What is sepsis?  Here is about the easiest definition:


Sepsis

Sepsis is an illness in which the body has a severe response to bacteria or other germs.

This response may be called systemic inflammatory response syndrome (SIRS).


Causes

The symptoms of sepsis are not caused by the germs themselves. Instead, chemicals the body releases cause the response.
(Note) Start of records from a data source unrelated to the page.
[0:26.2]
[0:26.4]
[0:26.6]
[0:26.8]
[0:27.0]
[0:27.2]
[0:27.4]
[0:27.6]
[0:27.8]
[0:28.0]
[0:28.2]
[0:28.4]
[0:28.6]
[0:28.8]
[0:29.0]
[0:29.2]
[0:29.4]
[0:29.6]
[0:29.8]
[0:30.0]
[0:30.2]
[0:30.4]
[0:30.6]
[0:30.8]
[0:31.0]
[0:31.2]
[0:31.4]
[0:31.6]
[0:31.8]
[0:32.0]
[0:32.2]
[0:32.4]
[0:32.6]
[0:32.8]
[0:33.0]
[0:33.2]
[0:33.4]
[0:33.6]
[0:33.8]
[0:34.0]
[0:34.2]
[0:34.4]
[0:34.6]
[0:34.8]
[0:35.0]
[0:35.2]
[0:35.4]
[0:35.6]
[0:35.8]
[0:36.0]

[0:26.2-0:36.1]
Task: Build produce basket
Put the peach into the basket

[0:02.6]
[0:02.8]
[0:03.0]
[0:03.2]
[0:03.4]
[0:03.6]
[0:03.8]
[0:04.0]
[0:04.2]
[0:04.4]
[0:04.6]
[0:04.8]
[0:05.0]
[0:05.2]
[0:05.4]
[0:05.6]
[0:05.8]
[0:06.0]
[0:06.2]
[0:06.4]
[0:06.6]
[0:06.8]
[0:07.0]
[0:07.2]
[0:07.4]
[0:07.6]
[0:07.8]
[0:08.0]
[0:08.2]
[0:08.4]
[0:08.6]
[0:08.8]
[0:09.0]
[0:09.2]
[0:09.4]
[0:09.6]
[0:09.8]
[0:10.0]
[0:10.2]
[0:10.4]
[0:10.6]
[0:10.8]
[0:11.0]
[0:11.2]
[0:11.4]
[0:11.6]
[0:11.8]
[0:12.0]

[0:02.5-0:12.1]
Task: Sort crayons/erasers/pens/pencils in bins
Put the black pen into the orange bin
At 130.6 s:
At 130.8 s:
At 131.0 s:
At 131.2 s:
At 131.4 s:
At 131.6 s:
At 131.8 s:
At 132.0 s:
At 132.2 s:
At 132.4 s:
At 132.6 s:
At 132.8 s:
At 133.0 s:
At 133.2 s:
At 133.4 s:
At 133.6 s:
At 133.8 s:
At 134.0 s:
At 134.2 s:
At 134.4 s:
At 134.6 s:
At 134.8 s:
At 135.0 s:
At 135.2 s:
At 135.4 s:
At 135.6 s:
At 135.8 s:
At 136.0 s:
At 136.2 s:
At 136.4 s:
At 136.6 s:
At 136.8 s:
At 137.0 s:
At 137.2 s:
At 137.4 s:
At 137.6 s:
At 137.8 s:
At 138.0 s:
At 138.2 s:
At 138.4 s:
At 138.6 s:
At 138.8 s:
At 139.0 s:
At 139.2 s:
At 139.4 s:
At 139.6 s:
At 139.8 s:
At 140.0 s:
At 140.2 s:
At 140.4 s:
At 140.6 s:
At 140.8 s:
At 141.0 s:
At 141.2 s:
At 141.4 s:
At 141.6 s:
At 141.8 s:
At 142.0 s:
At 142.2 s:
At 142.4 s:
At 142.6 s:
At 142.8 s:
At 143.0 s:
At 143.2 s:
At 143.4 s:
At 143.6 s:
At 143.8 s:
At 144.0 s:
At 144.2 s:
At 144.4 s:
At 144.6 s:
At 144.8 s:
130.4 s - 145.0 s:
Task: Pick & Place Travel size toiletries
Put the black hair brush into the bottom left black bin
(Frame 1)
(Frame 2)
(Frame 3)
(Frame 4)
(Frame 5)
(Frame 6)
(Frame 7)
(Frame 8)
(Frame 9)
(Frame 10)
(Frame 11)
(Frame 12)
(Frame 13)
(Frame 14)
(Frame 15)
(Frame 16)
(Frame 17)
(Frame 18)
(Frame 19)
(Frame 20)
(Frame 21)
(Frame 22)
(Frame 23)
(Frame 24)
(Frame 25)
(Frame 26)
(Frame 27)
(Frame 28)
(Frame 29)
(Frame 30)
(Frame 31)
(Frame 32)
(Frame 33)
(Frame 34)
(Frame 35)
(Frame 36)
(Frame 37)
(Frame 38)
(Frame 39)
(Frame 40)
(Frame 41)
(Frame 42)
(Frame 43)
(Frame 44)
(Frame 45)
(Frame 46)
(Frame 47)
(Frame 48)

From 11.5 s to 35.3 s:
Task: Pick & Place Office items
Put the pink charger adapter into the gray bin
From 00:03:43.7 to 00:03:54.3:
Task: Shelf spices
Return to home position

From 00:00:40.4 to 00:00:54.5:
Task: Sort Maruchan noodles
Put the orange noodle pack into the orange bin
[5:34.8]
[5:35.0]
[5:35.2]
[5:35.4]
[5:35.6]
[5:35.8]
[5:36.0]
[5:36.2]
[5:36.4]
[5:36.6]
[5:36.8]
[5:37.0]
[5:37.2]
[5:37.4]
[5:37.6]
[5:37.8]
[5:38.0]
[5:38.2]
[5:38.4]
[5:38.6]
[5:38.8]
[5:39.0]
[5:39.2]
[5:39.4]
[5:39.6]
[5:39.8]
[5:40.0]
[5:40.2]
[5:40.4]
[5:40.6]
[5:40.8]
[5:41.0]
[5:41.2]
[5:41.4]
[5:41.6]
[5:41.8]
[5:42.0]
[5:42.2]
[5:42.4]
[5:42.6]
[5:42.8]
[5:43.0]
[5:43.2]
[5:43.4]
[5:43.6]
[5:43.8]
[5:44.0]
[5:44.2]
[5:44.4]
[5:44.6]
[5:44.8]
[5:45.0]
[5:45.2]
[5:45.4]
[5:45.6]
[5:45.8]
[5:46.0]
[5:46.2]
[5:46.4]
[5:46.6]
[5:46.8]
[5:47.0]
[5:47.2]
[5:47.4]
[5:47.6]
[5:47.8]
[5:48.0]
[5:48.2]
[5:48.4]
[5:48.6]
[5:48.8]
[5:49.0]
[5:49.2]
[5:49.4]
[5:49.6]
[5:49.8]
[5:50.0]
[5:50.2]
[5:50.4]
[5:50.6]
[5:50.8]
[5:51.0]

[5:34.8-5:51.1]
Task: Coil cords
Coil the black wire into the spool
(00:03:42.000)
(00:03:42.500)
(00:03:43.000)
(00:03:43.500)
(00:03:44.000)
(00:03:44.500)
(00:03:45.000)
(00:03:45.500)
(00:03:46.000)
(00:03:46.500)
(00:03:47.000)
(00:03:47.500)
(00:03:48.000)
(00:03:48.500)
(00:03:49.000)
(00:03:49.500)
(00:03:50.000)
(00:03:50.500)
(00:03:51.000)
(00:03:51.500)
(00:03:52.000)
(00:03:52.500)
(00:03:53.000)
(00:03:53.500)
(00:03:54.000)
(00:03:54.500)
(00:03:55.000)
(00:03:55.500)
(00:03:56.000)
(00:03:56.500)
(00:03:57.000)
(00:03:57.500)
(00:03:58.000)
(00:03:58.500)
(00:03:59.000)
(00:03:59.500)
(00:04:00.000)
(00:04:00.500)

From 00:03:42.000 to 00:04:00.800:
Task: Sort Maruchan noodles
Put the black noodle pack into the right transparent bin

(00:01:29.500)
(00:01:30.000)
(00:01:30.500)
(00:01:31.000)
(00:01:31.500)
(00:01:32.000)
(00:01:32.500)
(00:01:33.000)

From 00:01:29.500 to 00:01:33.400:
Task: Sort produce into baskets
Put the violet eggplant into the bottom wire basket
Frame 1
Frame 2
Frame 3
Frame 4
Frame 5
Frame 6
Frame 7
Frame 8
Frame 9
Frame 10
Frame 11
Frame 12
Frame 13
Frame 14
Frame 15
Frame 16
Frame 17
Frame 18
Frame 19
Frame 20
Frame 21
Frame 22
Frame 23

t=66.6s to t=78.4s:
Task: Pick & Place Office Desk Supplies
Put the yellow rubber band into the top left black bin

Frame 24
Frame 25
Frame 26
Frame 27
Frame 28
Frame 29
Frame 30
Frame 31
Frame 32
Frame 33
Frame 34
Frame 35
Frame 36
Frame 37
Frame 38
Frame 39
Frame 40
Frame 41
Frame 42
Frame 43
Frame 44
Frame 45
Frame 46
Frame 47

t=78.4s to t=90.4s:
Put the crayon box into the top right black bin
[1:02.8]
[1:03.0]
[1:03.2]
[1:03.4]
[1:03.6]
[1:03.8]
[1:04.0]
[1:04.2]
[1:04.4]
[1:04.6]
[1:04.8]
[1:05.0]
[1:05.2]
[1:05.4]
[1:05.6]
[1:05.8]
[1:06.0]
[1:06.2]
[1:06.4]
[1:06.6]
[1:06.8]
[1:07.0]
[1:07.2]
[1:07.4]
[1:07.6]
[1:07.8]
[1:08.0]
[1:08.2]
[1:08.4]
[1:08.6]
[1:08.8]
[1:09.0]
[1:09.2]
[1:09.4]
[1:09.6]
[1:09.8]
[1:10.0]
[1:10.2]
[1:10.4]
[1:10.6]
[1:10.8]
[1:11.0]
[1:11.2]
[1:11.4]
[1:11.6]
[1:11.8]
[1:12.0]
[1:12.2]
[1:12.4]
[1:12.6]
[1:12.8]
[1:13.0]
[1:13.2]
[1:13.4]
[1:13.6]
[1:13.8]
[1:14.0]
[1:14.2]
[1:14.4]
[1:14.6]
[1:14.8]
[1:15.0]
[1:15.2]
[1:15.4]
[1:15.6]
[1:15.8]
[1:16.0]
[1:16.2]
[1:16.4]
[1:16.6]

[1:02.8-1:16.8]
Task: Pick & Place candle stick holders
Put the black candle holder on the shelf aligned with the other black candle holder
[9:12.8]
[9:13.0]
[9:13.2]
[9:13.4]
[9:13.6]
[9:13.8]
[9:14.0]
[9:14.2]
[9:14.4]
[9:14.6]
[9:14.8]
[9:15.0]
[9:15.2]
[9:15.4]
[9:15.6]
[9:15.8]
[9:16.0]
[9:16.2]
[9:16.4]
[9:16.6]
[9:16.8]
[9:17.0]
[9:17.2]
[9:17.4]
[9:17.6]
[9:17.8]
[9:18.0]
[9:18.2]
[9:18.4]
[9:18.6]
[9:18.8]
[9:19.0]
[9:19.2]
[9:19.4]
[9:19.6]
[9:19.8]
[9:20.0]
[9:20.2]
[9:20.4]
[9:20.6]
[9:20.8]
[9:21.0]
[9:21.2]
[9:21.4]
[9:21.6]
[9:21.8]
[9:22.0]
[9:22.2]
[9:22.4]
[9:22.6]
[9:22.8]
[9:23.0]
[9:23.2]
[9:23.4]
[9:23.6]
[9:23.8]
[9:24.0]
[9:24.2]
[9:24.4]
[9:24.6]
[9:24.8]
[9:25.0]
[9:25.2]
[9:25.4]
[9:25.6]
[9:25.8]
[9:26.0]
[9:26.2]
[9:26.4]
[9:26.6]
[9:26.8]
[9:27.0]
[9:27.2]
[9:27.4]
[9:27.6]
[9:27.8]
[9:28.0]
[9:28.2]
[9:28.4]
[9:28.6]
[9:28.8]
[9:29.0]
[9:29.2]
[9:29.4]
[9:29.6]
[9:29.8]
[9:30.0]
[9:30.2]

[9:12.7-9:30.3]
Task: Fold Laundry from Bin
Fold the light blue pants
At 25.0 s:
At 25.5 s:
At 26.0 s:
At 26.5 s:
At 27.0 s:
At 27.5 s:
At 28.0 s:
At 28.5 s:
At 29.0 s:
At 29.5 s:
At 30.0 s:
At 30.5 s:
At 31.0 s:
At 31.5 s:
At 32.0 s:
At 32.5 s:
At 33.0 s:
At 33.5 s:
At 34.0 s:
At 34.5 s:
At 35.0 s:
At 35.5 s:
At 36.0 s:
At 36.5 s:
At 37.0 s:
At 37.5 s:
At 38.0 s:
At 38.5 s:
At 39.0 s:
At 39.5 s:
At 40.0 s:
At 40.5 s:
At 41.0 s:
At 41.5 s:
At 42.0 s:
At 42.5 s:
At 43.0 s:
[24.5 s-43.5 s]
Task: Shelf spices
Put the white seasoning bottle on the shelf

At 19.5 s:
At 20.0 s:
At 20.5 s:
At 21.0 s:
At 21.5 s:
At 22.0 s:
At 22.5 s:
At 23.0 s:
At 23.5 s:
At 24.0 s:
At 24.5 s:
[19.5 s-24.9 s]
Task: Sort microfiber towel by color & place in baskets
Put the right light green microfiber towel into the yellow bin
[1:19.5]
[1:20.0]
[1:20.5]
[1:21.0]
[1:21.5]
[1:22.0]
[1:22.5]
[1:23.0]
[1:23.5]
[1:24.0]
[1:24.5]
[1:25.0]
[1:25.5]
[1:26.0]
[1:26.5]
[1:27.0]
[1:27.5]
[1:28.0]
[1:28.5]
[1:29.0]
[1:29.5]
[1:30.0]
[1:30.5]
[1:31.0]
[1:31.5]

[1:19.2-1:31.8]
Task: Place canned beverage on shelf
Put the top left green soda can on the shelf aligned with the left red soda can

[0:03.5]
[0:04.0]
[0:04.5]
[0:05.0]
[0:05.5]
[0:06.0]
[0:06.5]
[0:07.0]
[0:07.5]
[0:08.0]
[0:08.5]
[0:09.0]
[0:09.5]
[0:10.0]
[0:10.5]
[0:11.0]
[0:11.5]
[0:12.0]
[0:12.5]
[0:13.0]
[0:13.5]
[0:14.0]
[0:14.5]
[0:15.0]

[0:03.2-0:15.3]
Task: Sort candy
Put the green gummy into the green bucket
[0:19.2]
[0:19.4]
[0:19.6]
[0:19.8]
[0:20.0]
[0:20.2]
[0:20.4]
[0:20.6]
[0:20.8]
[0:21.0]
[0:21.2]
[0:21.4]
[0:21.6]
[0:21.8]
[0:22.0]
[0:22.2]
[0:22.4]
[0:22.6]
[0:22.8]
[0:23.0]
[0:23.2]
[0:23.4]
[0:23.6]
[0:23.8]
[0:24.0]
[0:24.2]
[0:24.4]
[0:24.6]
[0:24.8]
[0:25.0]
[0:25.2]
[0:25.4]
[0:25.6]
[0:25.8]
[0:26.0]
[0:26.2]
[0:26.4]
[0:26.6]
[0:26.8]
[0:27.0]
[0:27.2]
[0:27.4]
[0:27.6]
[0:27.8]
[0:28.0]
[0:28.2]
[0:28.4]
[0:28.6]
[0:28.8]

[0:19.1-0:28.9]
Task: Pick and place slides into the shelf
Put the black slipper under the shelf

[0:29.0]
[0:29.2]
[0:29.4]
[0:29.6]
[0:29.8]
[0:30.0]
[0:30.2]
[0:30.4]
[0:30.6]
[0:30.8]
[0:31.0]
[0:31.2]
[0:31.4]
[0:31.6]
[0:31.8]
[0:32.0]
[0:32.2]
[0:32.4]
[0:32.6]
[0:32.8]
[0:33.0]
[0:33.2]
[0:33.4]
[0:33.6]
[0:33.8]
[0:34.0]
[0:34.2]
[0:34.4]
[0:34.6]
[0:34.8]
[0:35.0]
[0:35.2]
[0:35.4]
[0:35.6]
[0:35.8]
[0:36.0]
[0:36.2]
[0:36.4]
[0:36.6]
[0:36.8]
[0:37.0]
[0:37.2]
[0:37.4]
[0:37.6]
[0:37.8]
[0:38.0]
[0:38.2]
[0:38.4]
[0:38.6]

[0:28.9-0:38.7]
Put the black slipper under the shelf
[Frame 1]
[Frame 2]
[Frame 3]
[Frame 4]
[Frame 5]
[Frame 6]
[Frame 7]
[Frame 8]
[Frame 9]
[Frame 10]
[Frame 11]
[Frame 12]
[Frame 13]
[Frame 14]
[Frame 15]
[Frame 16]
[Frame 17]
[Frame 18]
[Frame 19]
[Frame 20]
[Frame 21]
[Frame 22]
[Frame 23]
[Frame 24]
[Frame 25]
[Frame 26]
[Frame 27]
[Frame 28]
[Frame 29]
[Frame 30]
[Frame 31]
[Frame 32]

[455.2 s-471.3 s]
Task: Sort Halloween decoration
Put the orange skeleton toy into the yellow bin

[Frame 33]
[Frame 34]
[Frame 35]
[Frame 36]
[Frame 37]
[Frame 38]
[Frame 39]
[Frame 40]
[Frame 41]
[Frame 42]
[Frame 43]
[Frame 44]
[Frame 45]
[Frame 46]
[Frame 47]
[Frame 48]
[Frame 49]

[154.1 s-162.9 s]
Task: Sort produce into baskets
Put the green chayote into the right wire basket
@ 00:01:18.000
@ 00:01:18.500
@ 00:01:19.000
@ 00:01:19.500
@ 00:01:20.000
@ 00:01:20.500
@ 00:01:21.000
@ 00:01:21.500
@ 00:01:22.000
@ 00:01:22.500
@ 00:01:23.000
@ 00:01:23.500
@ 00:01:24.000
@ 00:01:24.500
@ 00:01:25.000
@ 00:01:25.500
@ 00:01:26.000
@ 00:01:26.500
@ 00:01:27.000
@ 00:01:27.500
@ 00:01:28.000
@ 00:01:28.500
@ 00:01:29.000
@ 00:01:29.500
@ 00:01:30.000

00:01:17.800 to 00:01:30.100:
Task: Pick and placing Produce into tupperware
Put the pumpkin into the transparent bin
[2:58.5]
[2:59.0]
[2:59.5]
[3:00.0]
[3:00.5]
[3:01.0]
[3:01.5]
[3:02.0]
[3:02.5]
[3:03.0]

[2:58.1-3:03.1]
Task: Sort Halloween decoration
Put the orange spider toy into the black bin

A bacterial infection anywhere in the body may set off the response that leads to sepsis. 

So after a week in the hospital being blasted with antibiotics, I get to do ten days of IV infusion antibiotics at the local hospital.  It only takes about half an hour, but the PIC line hurts.  The insertion point is sore, and the adhesive is burning and blistering my skin.  The first night I had a major bleed from it, and had to have the dressing changed after one day.  That hurts, too.  I've found that if I use Coban to wrap the lumen to my arm so it doesn't move, it hurts less.  Woke up when the recycled Coban from earlier in the day came unwrapped, so now it is wrapped in Angry Birds Coban.   The PIC line is inserted on the under side of my right arm, runs up the arm and across the chest to the area near the heart.  What is weird is that I can sometimes feel where it is.

 The dressing pulls my skin so badly that it looks like I have wrinkly old lady or
elephant skin.  We change it again the 21st, then hopefully remove it the 23rd.

 I have a feeling I will be using lots of hand sanitizer to get the adhesive off, which will likely burn like a son of a gun.  Maybe lotion will work, too.

In better news, Avera McKennan is apparently close to submitting their application to UNOS for approval as a liver transplant center.  That would be awesome, so we wouldn't have to travel back to Milwaukee.  It would also be much less stressful to be closer to home.  So cross your fingers and anything else that you can safely cross.